For my client I've "built" a similar setup with Supabase + pgVector and I give the AI direct SQL access.
Here is the hard part: Just last week did I index 1.2 million documents for one project of one customer. They have pdfs with 1600 pages or PPTX files of >4GB. Plus lots of 3D/2D architecture drawings in proprietary formats.
The difficulty I see is - getting the data in ETL. This takes days and is fragile - keep RBAC - Supabase/pgVector needs lots of resources when adding new rows to the index -> wish the resources scale up/down automatically.
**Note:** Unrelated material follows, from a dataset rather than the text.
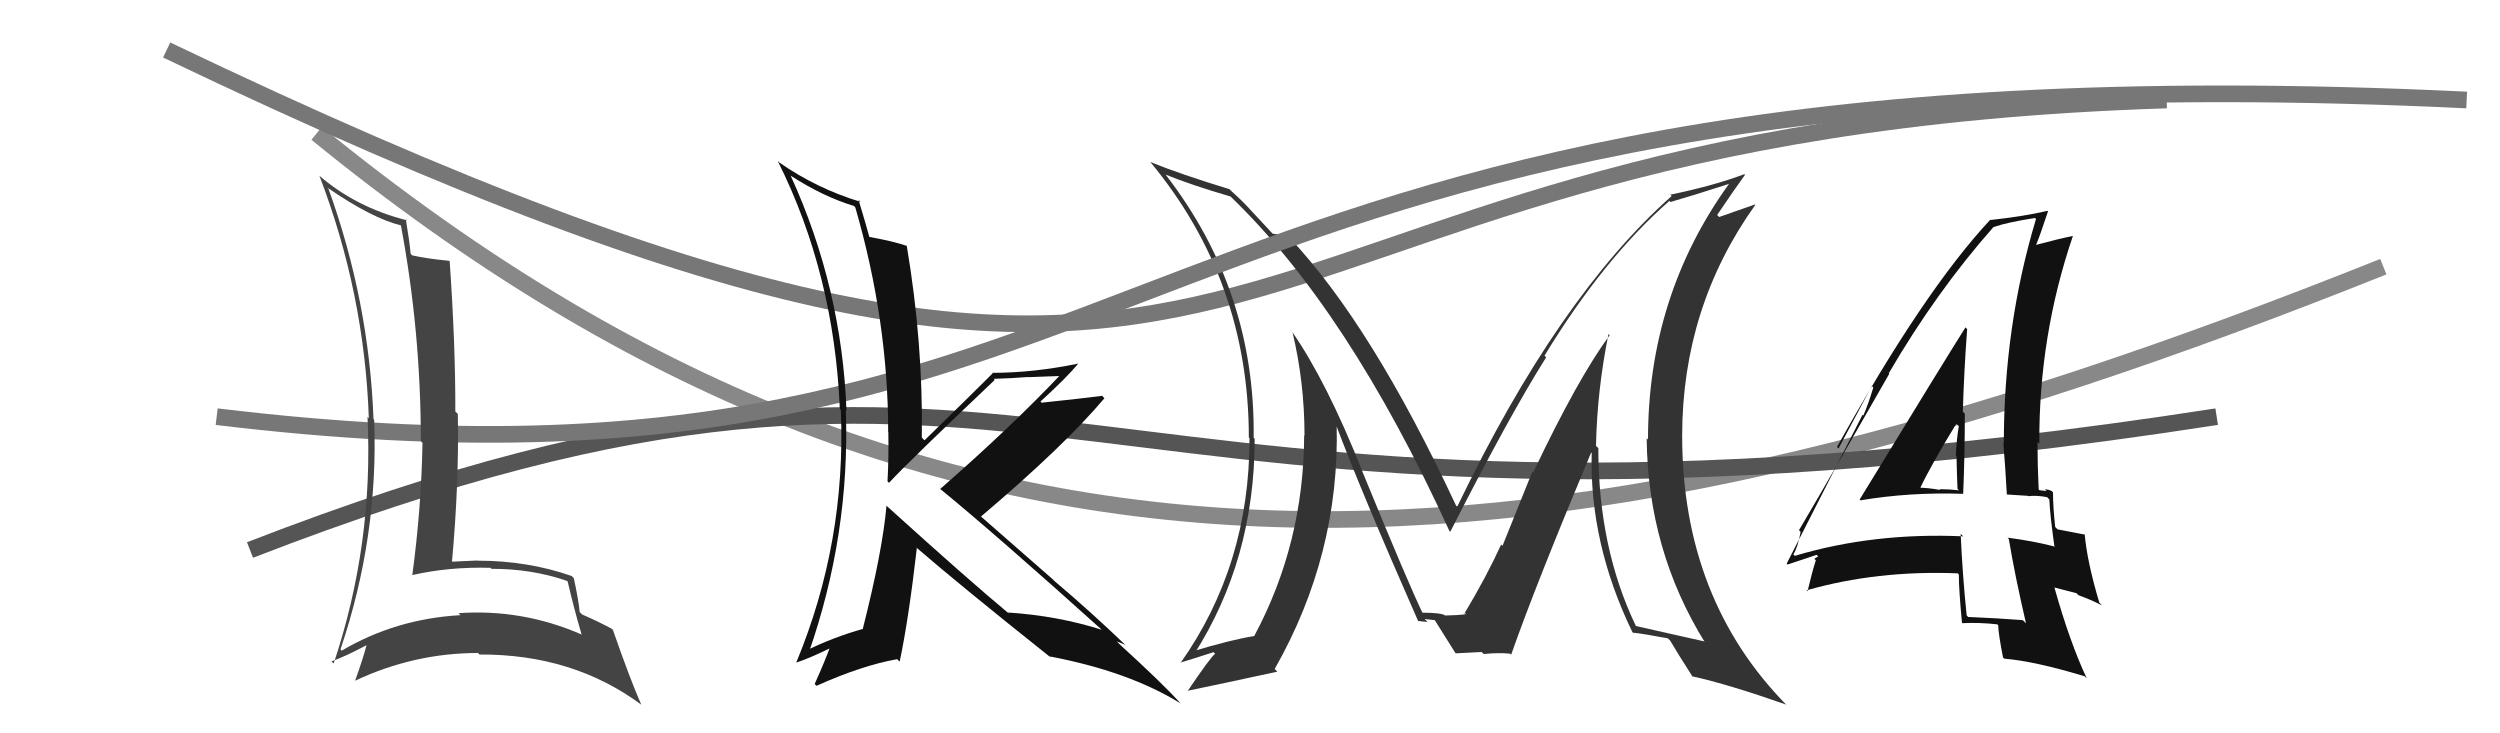 <svg xmlns="http://www.w3.org/2000/svg" width="150" height="44" viewBox="0,0,150,44"><path d="M19 8 C57 39,93 36,143 16" stroke="#888" fill="none"/><path d="M15 33 C64 14,62 36,133 25" stroke="#555" fill="none"/><path d="M10 3 C81 37,67 8,130 6" stroke="#777" fill="none"/><path fill="#333" d="M96.63 20.16L96.45 19.98L96.58 20.11Q94.66 22.72 91.99 28.35L91.94 28.30L90.15 32.75L90.07 32.67Q89.20 34.58 87.86 36.82L87.82 36.78L87.81 36.77Q88.38 36.89 86.71 36.93L86.70 36.92L86.72 36.94Q86.54 36.76 85.29 36.76L85.33 36.80L85.41 36.89Q84.63 35.34 81.70 28.19L81.64 28.13L81.71 28.20Q79.60 22.89 77.51 19.88L77.37 19.74L77.55 19.93Q78.27 22.96 78.27 26.12L78.30 26.16L78.25 26.11Q78.23 32.60 75.26 38.15L75.29 38.18L75.27 38.16Q73.82 38.39 71.46 39.11L71.59 39.25L71.63 39.28Q75.28 33.57 75.28 26.33L75.22 26.27L75.22 26.27Q75.33 17.44 69.93 10.47L69.91 10.46L69.92 10.47Q71.47 11.10 73.83 11.79L73.93 11.89L73.78 11.74Q80.87 18.53 86.96 31.85L87.05 31.93L87.02 31.90Q90.56 24.94 92.77 21.44L92.75 21.42L92.67 21.34Q96.21 15.52 100.17 12.05L100.15 12.03L100.23 12.12Q101.39 11.79 103.75 11.03L103.74 11.02L103.75 11.02Q98.88 17.76 98.88 26.37L98.93 26.42L98.80 26.29Q98.87 33.03 102.30 38.55L102.27 38.51L102.24 38.48Q100.90 38.17 98.15 37.56L98.13 37.54L98.15 37.55Q95.90 32.87 95.90 26.89L95.80 26.79L95.76 26.76Q95.83 23.39 96.51 20.04ZM98.10 38.08L98.00 37.97L97.99 37.96Q98.63 38.03 100.07 38.30L100.21 38.44L100.20 38.42Q100.63 39.16 101.58 40.64L101.50 40.56L101.50 40.57Q103.71 41.06 107.18 42.28L107.17 42.27L107.24 42.35Q100.93 35.96 100.93 26.14L100.90 26.11L100.93 26.13Q100.94 18.42 105.32 12.29L105.29 12.27L103.15 13.02L103.03 12.90Q104.06 11.37 104.70 10.49L104.79 10.58L104.66 10.45Q102.84 11.14 100.22 11.68L100.18 11.64L100.30 11.76Q93.48 17.81 87.43 30.41L87.43 30.41L87.37 30.35Q82.31 19.50 77.36 14.25L77.34 14.23L77.19 14.09Q76.94 14.13 76.36 14.02L76.31 13.97L75.10 12.67L75.19 12.77Q74.60 12.10 73.91 11.49L73.75 11.33L73.77 11.35Q70.81 10.45 69.02 9.72L69.05 9.75L69.02 9.72Q74.93 16.85 74.93 26.25L74.96 26.28L74.97 26.29Q74.98 33.91 70.83 39.78L70.77 39.72L70.81 39.76Q71.52 39.55 72.81 39.13L72.85 39.17L72.91 39.23Q72.67 39.37 71.26 41.46L71.25 41.45L71.24 41.45Q73.14 41.06 76.64 40.30L76.54 40.20L76.48 40.14Q80.39 33.27 80.20 25.50L80.16 25.46L80.15 25.46Q81.63 29.41 85.10 37.29L85.06 37.26L85.06 37.25Q85.42 37.31 85.65 37.31L85.48 37.14L86.08 37.21L86.10 37.23Q86.51 37.87 87.31 39.16L87.39 39.24L87.34 39.20Q88.90 39.12 88.90 39.12L89.05 39.27L89.02 39.24Q89.96 39.15 90.60 39.22L90.67 39.28L90.67 39.28Q92.12 35.14 95.47 27.15L95.61 27.29L95.50 27.18Q95.36 32.59 97.94 37.92Z"/><path d="M13 25 C71 32,65 2,148 6" stroke="#777" fill="none"/><path fill="#111" d="M111.64 30.03L111.66 30.05L111.63 30.02Q114.59 29.52 117.79 29.63L117.75 29.59L117.79 29.64Q117.89 27.22 117.89 24.82L117.75 24.68L117.77 24.70Q117.84 22.29 118.03 19.74L117.97 19.69L117.93 19.64Q116.79 21.44 111.58 29.97ZM121.41 37.25L121.40 37.24L121.37 37.21Q119.88 37.09 118.09 37.02L117.95 36.87L118.00 36.93Q117.75 34.50 117.64 32.03L117.74 32.13L117.79 32.18Q112.41 31.94 107.69 33.35L107.74 33.40L107.60 33.26Q107.85 32.90 108.04 31.91L107.91 31.78L107.94 31.81Q109.78 28.70 113.36 22.42L113.26 22.33L113.33 22.39Q116.19 17.49 119.62 13.61L119.60 13.58L119.63 13.62Q120.42 13.34 122.10 13.08L122.18 13.16L122.16 13.14Q120.23 19.55 120.23 26.59L120.25 26.61L120.20 26.56Q120.33 28.18 120.41 29.66L120.42 29.67L121.68 29.75L121.70 29.77Q122.21 29.71 122.82 29.83L122.80 29.80L122.96 29.97Q123.00 30.89 123.27 32.83L123.29 32.85L123.23 32.78Q121.94 32.45 120.45 32.26L120.48 32.29L120.53 32.34Q120.88 34.47 121.56 37.40ZM123.23 29.59L123.14 29.50L123.10 29.46Q122.89 29.36 122.70 29.36L122.79 29.46L122.36 29.41L122.32 29.36Q122.25 27.92 122.25 26.52L122.29 26.56L122.36 26.62Q122.32 20.19 124.37 14.17L124.32 14.12L124.36 14.16Q123.51 14.33 122.06 14.72L122.19 14.84L122.13 14.78Q122.42 14.09 122.88 12.68L122.83 12.63L122.85 12.65Q121.50 12.97 119.44 13.20L119.35 13.11L119.42 13.18Q115.43 17.45 110.22 26.82L110.31 26.91L112.31 23.16L112.40 23.25Q112.06 24.36 111.80 24.93L111.75 24.89L107.20 33.82L107.26 33.87Q107.86 33.67 109.00 33.29L109.09 33.38L108.86 33.53L108.95 33.62Q108.75 34.22 108.45 35.48L108.58 35.61L108.39 35.42Q112.62 34.21 117.46 34.40L117.49 34.43L117.53 34.47Q117.53 35.39 117.72 37.37L117.68 37.33L117.74 37.39Q118.76 37.34 119.83 37.46L119.79 37.42L119.89 37.51Q119.91 38.07 120.18 39.44L120.11 39.38L120.26 39.52Q122.08 39.67 125.09 40.58L125.17 40.67L125.21 40.71Q124.19 38.54 123.27 35.27L123.26 35.25L124.59 35.59L124.70 35.71Q125.43 35.97 126.11 36.32L126.08 36.28L125.96 36.16Q125.23 33.72 125.08 32.05L125.08 32.05L125.11 32.08Q124.60 31.98 123.45 31.76L123.34 31.65L123.31 31.61Q123.18 30.41 123.18 29.54ZM115.22 29.42L115.14 29.34L115.17 29.37Q115.82 27.97 117.38 25.42L117.54 25.58L117.53 25.56Q117.39 26.38 117.35 27.33L117.39 27.36L117.39 27.36Q117.41 28.38 117.45 29.33L117.51 29.39L117.54 29.42Q116.94 29.35 116.37 29.35L116.30 29.29L116.42 29.40Q115.67 29.26 115.06 29.26Z"/><path fill="#111" d="M53.18 30.33L53.24 30.39L53.19 30.34Q52.95 33.07 51.77 37.72L51.89 37.83L51.79 37.73Q49.97 38.24 48.37 39.04L48.46 39.12L48.52 39.18Q51.01 32.05 50.75 24.63L50.76 24.64L50.79 24.67Q50.52 17.28 47.44 10.54L47.34 10.45L47.44 10.54Q49.37 11.79 51.24 12.36L51.25 12.37L51.32 12.45Q53.29 19.25 53.29 25.91L53.38 26.00L53.30 25.92Q53.33 27.40 53.25 28.88L53.28 28.91L53.34 28.97Q54.47 27.74 59.69 22.79L59.68 22.79L59.62 22.73Q60.70 22.70 61.69 22.62L61.69 22.63L63.86 22.55L63.71 22.40Q60.72 25.57 56.41 29.34L56.30 29.22L56.38 29.31Q59.72 32.04 66.19 37.86L66.30 37.97L66.12 37.79Q63.44 36.94 60.47 36.75L60.58 36.85L60.53 36.81Q58.11 34.80 53.24 30.39ZM63.09 39.52L63.11 39.54L62.95 39.38Q67.73 40.28 70.86 42.22L70.93 42.30L70.81 42.18Q69.81 41.06 67.18 38.66L67.17 38.65L67.01 38.49Q67.25 38.57 67.51 38.69L67.54 38.72L67.62 38.79Q65.48 36.73 63.23 34.83L63.19 34.78L58.88 31.01L58.86 30.99Q63.83 26.78 66.27 23.89L66.26 23.89L66.13 23.75Q64.98 23.90 62.51 24.16L62.55 24.21L62.43 24.09Q64.02 22.64 64.71 21.80L64.74 21.83L64.72 21.81Q62.01 22.37 59.54 22.37L59.53 22.37L59.56 22.40Q58.21 23.75 55.47 26.42L55.33 26.28L55.31 26.25Q55.39 20.55 54.40 14.72L54.39 14.71L54.43 14.76Q53.62 14.48 52.14 14.21L52.22 14.30L52.17 14.25Q51.96 13.47 51.51 11.98L51.54 12.02L51.63 12.11Q49.02 11.32 46.77 9.76L46.78 9.77L46.66 9.65Q50.05 16.43 50.39 24.54L50.41 24.56L50.45 24.60Q50.78 32.51 47.78 39.74L47.88 39.84L47.79 39.75Q48.54 39.51 49.87 38.86L49.75 38.75L49.81 38.80Q49.53 39.59 48.88 41.04L48.92 41.08L48.99 41.15Q51.70 39.93 53.83 39.55L53.82 39.54L53.98 39.70Q54.52 37.15 55.01 32.89L54.91 32.79L54.98 32.85Q57.53 35.06 62.98 39.40Z"/><path fill="#444" d="M19.72 11.34L19.69 11.31L19.63 11.25Q22.33 13.11 24.08 13.53L24.05 13.50L24.05 13.50Q25.25 19.88 25.25 26.46L25.31 26.53L25.35 26.57Q25.28 30.49 24.74 34.49L24.68 34.43L24.76 34.50Q26.96 34.00 29.43 34.07L29.46 34.10L29.49 34.13Q31.88 34.12 34.01 34.85L34.07 34.90L34.06 34.89Q34.43 36.49 34.89 38.05L34.93 38.09L34.92 38.08Q31.35 36.52 27.51 36.79L27.61 36.89L27.62 36.91Q23.74 37.13 20.50 39.04L20.43 38.96L20.43 38.96Q22.72 32.19 22.45 25.19L22.46 25.20L22.41 25.14Q22.14 18.06 19.71 11.33ZM19.96 39.75L19.99 39.78L19.89 39.68Q20.68 39.41 22.05 38.68L22.01 38.64L22.01 38.64Q21.83 39.38 21.30 40.86L21.32 40.89L21.29 40.85Q24.84 39.18 28.68 39.18L28.73 39.23L28.76 39.27Q34.38 39.24 38.49 42.29L38.47 42.27L38.48 42.29Q37.81 40.77 36.78 37.81L36.81 37.83L36.68 37.71Q35.81 37.25 34.93 36.87L34.75 36.69L34.78 36.72Q34.73 36.10 34.43 34.69L34.39 34.65L34.30 34.56Q31.67 33.64 28.66 33.64L28.84 33.82L28.65 33.63Q27.92 33.66 27.12 33.70L27.18 33.77L27.12 33.70Q27.55 28.95 27.47 24.84L27.47 24.84L27.32 24.69Q27.33 20.66 26.98 15.67L27.01 15.70L26.96 15.65Q25.53 15.51 24.73 15.32L24.75 15.34L24.64 15.23Q24.58 14.56 24.35 13.15L24.40 13.20L24.42 13.22Q21.36 12.45 19.12 10.51L19.10 10.49L19.17 10.56Q21.87 17.60 22.13 25.10L22.00 24.96L22.05 25.02Q22.42 32.65 20.02 39.81Z"/></svg>

Instead of having to monitor and switch to the next plan.
How could chroma help me here?
Many ways potentially - but one way is Chroma makes all this pain go away.
We're also working on some ingestion tooling that will make it so you don't have to scale, manage or run those pipelines.
1. I see the core is OSS, any chance of it being pushed up on crates.io(i see you already have a placeholder)
2. Is it embeddable or only as a Axum server?
Do you see all providers converging on similar alpha i.e cheap object storage, nvme drives,ssd cache to solve this?
Cheers and congrats on the launch
Chroma is fully OSS - embedded, single-node and distributed (data and control plane). afaik lance distributed is not OSS.
We do have plans to release the crate (enabling embedded chroma in rust) - but haven't gotten around to it yet. Hopefully soon!
> Do you see all providers converging on similar alpha i.e cheap object storage, nvme drives,ssd cache to solve this?
It's not only a new pattern in search workloads, but it's happening in streaming, KV, OLTP, OLAP, etc. Yea - it's the future.